3. CHOOSE ORGANIC. Organic food has made its way into the marketplace for healthy reasons. Foods high on the food chain concentrate chemicals and hormones in their tissues, and yet we require many such foods for optimal nutrition balance. The dominance of hormones in our food supply accumulates progressively in our own tissues, leading to problems with reproductive tissue structure and function, and ultimately to the worst kind of pathology: cancer. Antibiotic use in livestock takes place at a huge cost to human health, affecting bowel flora balance and contributing to reduced effectiveness of antibiotics when required to fight life-threatening infections (i.e. antibiotic resistance). Organic food has been shown to possess 40% more nutrients than non-organic counterparts, since chemicals negatively impact soil richness. In Canada, our largest exposure to pesticides comes from our standard diet. One's greatest defense against environmental toxicity in general is nutrients. Our diets, therefore, must be sources of nutrients, not chemicals.

4. PAY ATTENTION TO SYMPTOMS. Ignore, or worse suppress, symptoms at your own peril.

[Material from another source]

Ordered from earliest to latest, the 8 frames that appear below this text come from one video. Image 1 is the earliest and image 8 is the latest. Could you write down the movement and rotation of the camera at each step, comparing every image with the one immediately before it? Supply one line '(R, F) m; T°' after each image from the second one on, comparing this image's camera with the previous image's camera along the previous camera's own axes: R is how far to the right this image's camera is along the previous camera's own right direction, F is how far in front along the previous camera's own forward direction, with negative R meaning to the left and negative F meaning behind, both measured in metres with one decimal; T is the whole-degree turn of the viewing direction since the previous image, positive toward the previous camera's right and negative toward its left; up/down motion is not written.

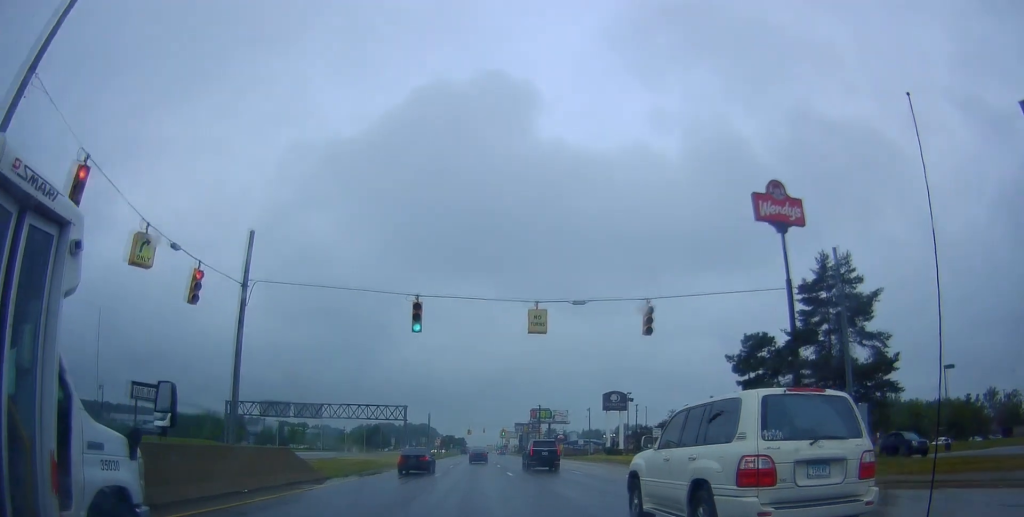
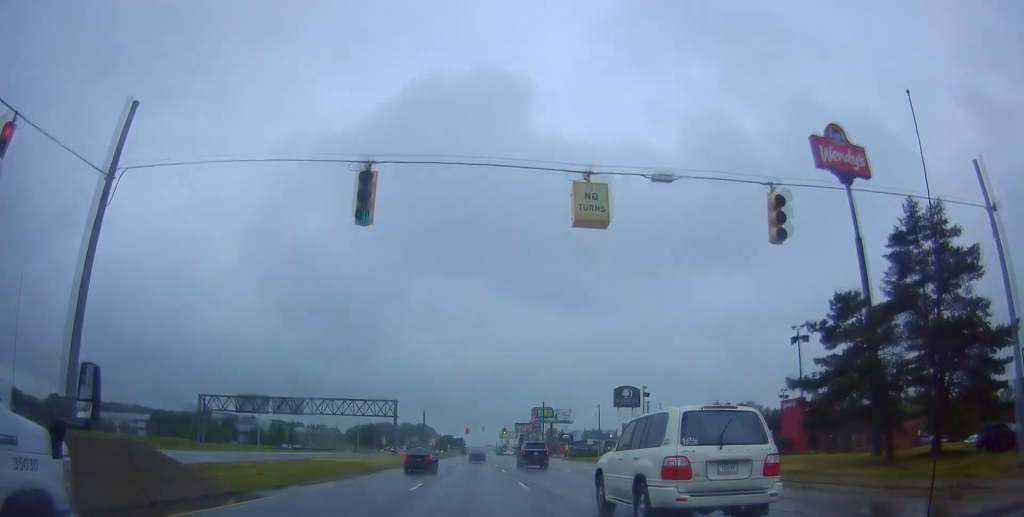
(-0.4, +8.3) m; 0°
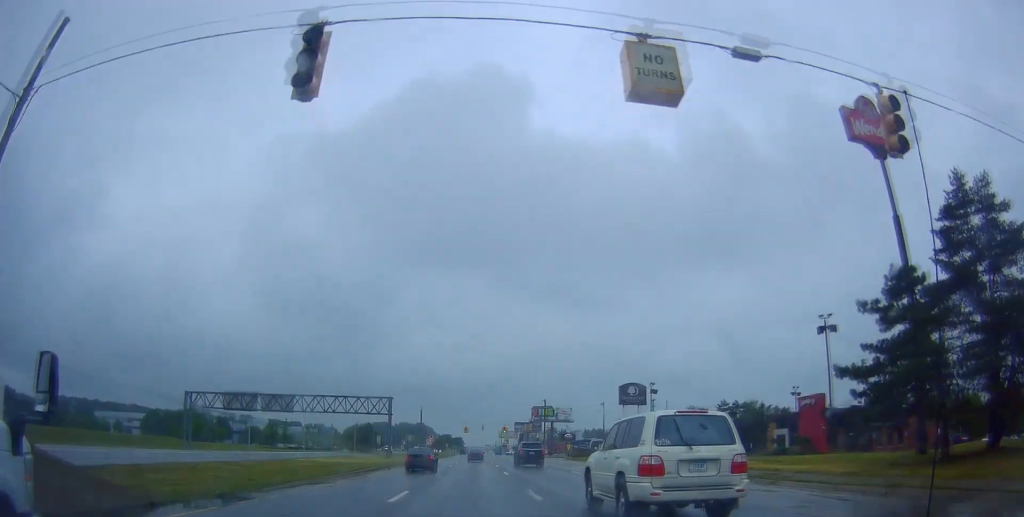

Headaches, bloating, gas, fatigue, muscle pain, frequent colds, skin rashes and so on are all signs of an underlying disturbance calling out for correction, not mere suppression. Track symptoms, listen to your body, and learn to describe them in detail to a health provider who will listen. The greatest amount of information about one's health comes not from lab tests or scans, but from symptoms interpreted meaningfully.

5. BE KIND TO YOUR LIVER. Sub-optimal liver function lies at the core of many medical symptoms. It is an organ with multiple roles, from detoxification, to digestion, to hormone metabolism, to regulator of circulation. Being kind to the liver means avoiding undue exposure to chemicals, both in the diet and around the household. It means paying attention to healthy intestinal function, thereby reducing bowel toxicity and autointoxication. It means using probiotics routinely, and other supplements, particularly antioxidants and herbs, that are therapeutically supportive to liver functions. It means understanding Eastern medicine concepts detailing the liver as an emotional organ, and its connection to anger.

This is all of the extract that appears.